Opinion
NO. 2014-CA-000470-MR
05-01-2015
C.A.R.S. PROTECTION PLUS, INC. APPELLANT v. JORDAN MAMRAK APPELLEE
BRIEF FOR APPELLANT: Mark B. Wallace Louisville, Kentucky BRIEF FOR APPELLEE: David S. Sprawls Louisville, Kentucky
NOT TO BE PUBLISHED APPEAL FROM OLDHAM CIRCUIT COURT
HONORABLE KAREN A. CONRAD, JUDGE
ACTION NO. 12-CI-00513
OPINION
AFFIRMING
BEFORE: COMBS, JONES, AND MAZE, JUDGES. COMBS, JUDGE: This is a contract case involving an application for a vehicle service agreement. C.A.R.S. Protection Plus, Inc., (CARS) appeals from separate summary judgments of the Oldham Circuit Court entered in favor of Jordan Mamrak. The court held that pre-printed language appearing below the signature line on an application for a vehicle service contract was not part of the parties' agreement. However, it held that the language that remained was sufficient to create a contract. After our review, we affirm.
On October 11, 2011, Mamrak purchased a used BMW from AS Automotive Solutions. The odometer read 130,269 miles. At the same time, Mamrak signed an application for a vehicle service contract. The application was prepared by CARS and purported to provide -- upon its acceptance by CARS -- a "limited warranty" for the vehicle's power train for three months or 4,500 miles. Mamrak signed the application and paid $99 for the service contract.

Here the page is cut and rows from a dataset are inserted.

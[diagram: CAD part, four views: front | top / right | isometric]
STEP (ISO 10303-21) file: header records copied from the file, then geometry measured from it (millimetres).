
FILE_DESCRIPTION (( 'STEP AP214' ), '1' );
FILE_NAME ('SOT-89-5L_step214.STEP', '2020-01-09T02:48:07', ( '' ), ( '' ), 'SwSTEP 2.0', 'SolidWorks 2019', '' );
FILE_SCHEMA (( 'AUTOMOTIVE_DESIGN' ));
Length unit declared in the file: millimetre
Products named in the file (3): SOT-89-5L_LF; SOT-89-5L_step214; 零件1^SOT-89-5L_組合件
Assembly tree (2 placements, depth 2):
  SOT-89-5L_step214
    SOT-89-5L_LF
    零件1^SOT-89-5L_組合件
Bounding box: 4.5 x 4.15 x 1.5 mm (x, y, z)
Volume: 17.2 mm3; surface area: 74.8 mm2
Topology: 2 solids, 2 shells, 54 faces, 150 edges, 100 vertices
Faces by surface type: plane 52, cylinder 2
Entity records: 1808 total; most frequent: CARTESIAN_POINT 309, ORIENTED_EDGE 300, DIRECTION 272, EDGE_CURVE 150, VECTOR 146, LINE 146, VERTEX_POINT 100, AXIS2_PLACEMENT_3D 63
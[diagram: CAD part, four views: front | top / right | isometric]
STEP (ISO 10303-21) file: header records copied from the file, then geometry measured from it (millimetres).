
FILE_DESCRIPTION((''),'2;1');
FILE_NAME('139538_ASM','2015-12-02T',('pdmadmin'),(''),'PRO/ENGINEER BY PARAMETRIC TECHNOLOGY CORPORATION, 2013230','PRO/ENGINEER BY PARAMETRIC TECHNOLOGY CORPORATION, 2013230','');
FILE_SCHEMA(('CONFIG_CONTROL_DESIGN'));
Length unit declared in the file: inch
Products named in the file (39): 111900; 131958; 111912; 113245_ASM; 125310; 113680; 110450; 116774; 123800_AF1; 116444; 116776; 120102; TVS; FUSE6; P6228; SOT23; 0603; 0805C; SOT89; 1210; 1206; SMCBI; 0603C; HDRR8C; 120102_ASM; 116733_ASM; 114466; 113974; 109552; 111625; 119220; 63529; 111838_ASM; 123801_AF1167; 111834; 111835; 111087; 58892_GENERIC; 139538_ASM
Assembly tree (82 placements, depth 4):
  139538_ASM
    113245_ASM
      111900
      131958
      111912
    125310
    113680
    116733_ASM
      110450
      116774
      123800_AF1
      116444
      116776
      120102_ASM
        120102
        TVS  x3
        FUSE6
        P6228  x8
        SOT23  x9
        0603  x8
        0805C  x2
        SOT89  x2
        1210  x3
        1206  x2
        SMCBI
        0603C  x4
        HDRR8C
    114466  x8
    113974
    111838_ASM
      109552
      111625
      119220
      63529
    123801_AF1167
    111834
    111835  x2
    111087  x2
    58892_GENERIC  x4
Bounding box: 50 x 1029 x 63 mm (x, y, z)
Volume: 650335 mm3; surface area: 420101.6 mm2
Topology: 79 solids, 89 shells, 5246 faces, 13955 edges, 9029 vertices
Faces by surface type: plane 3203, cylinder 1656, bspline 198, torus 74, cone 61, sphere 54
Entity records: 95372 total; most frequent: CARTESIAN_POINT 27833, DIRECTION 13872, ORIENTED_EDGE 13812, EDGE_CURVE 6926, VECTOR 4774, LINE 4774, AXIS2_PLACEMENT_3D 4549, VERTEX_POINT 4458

Subsequently, CARS issued a "warranty coverage card" that indicated its acceptance, stating that coverage would begin on October 20, 2011, and that it would expire on January 20, 2012. The card listed the "In Service Mileage" as 130,269 and the "Expiration Mileage" as 134,769 - or 4500 miles over the odometer reading.
According to Mamrak, on the day after the purchase, the car's temperature gauge indicated that the engine was overheating. Mamrak stopped the car, let the engine cool, and checked the coolant level. Mamrak had the thermostat replaced, and the car ran fine for several days. However, the car overheated again, and Mamrak replaced the car's thermostat for a second time as well as the water pump on October 25, 2011. CARS paid a portion of Mamrak's repair bill. But these repairs did not resolve the underlying problem. Mamrak eventually had the vehicle towed to a garage. He was told that the car's motor would have to be replaced.
In November 2011, the car's engine, clutch, and some other parts were replaced at a total cost to Mamrak of $7,785.93. CARS paid $63.48 toward the repair bill and refused to pay more. It contended that this work was necessary as a result of the engine problems that had manifested on October 12, 2011--immediately after Mamrak had purchased the vehicle -- but before the vehicle service contract's effective date of October 20, 2011.
On June 25, 2012, Mamrak filed an action against CARS in Oldham Circuit Court. He attached a copy of the one-page application and vehicle service contract to the complaint. Mamrak alleged that the document included additional terms which were not part of the parties' agreement and that CARS breached the agreement by failing to pay for repairs -- after due notice -- during the contract period. CARS answered the complaint and denied the allegations.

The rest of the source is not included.